Summer 2013

Summer Sessions Class Schedules & Descriptions


Summer Session I (June 17-July 18)


ENG 407 – Language & Style for Writers
Sirles, M/W 6:00-9:15 p.m.  LPC

A comprehensive examination of structural and stylistic devices that accomplished writers use in creative and literary nonfiction contexts. Topics include sentence emphasis and rhythm, coherence, point of view, authorial stance, and rhetorical aspects of sentence structure, repetition, and punctuation.

Language and style core requirement in the MAE and MAWP. Elective in the MAE and MAWP.
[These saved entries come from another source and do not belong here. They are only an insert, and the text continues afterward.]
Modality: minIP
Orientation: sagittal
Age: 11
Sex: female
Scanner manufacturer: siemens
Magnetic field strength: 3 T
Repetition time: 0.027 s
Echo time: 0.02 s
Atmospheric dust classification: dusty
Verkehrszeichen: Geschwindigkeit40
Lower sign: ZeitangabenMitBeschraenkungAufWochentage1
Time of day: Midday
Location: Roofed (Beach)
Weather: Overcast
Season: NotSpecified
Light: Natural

ENG 459 – Topics in Modern British Literature: Modern British Literature
Fairhall, M/W 6:00-9:15 p.m. LPC

Modern British Literature, is a brief survey of canonical early 20th-century British writers of fiction, poetry, and drama.  By “British” I mean residents of the British Isles including Ireland, even though Ireland has a separate (though tragically interconnected) history from England’s and has been independent since 1922.  By “modern” I mean artists who were in their prime between 1900 and the end of the 20th century.  By “canonical” I mean authors with established reputations as outstanding writers.  The canon is always changing, if slowly, and these are far from being the only significant authors of their day.  The main reason I’ve chosen them—apart from liking their work—is that English majors should be familiar with these canonical figures so as to understand the movement called “Modernism” in a British context.

20th/21st Century Requirement in the MAE. Elective in the MAE and MAWP.
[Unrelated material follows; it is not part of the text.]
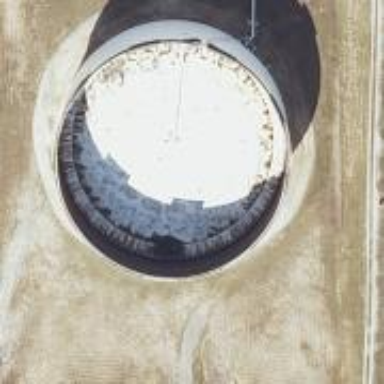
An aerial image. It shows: Storage tank created as man-made structure.

ENG 484 — Writing Workshop Topics: Narrative Shorts
Morano, T/TH 6:00-9:15 p.m. LPC

Writing shorter means compressing, distilling, and tightening so that every word counts, and this workshop will offer lots of practice. We’ll read and write various forms of short-short narratives, including prose poetry, micro stories and brief essays. We’ll focus intensively on style and structure, as well as on what it means to tell the truth on the page. Questions we’ll consider include: What role do imagination and memory play in different modes of creative writing? What ethical concerns come up when we write nonfiction vs. fiction vs. poetry?  How can our stylistic experience in one genre transfer to the other? This course offers a kind of writing boot camp, perfect for those of us who need a little help working every single day.
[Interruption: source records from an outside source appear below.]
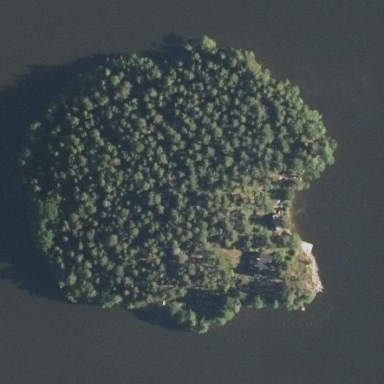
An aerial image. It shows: Islet surrounded by woodland.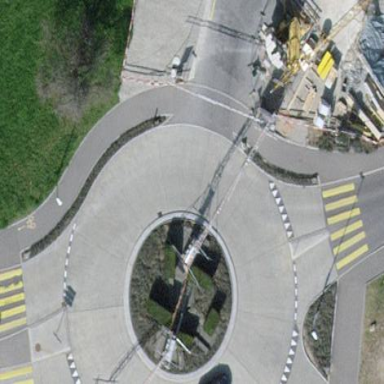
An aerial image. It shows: Secondary road leading to roundabout.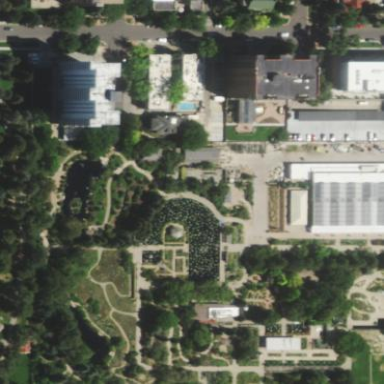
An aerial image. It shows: Garden that is leisure land.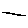
Label: line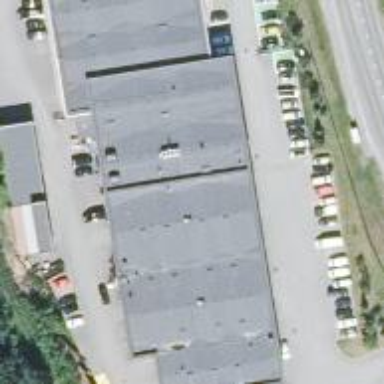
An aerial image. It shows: Building housing car shop.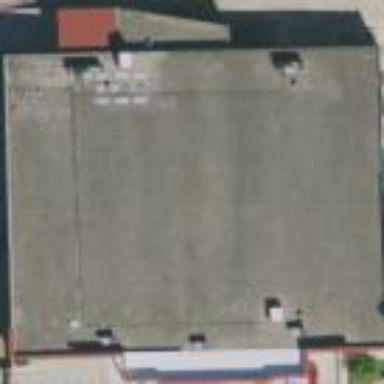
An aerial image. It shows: Building housing storage rental shop.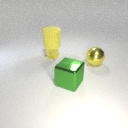
small yellow metal cylinder behind large yellow metal sphere
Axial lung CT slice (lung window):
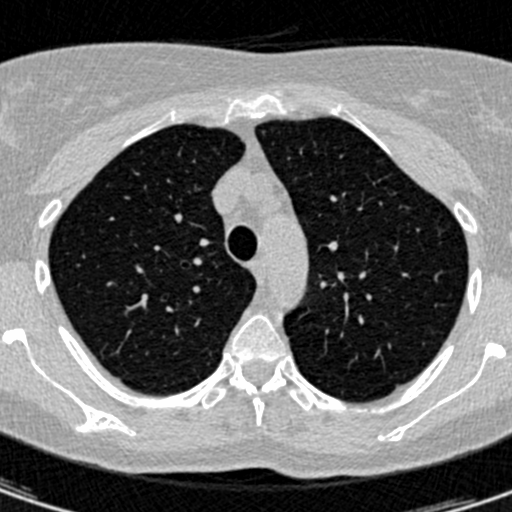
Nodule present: no

Writing Workshop requirement in the MAWP. Elective in the MAE and MAWP.


ENG 484 — Writing Workshop Topics: The Art of Revision
Stolar, T/TH 6:00-9:15 p.m. LPC

This course is ideal for students who have taken at least two workshops in prose (fiction and nonfiction) and amassed material they would like to work on further.  Students will come into the class with previously workshopped short stories and/or essays and will practice developing the material more fully, on both the global level (rethinking form and content) and the local level (crafting graceful sentences and paragraphs).  We will work toward submission of materials to literary journals and small magazines.

Writing Workshop requirement in the MAWP. Elective in the MAE and MAWP.



Summer Session II (July 22- August 22)


ENG 475 — Topics in Literature: Literature and New Media
Shanahan, T/TH 6:00-9:15 p.m. LPC

In this course we will examine N. Katherine Hayles’ influential claim that over the last decade or so all literature, print and not, bears the “mark of the digital.” As a class we will try to map out the present and possible futures of the literary in the age of new media. We will read several examples of contemporary experimental fiction (both print and electronic in form) as well as critical analyses of interactivity, originality, and various ‘gamespace’ approaches to hypertext and print fiction.

20th/21st Century Requirement in the MAE. Elective in the MAE and MAWP.


ENG 484 — Writing Workshop Topics: Narrative Clarity
Jones, M/W 6:00-9:15 p.m.  LPC

Narrative Clarity is a course in reading and writing poetry and short prose scenes and vignettes. Vignettes and scenes are economical: brief narratives and sketches characterized by great precision and accuracy of composition. Our primary genre will be poetry and prose poems. We will study the craft of writing by closely examining selected poems and model prose paragraphs, and through intensive, daily in-class writing and the critical analysis of student writing.

Writing Workshop requirement in the MAWP. Elective in the MAE and MAWP.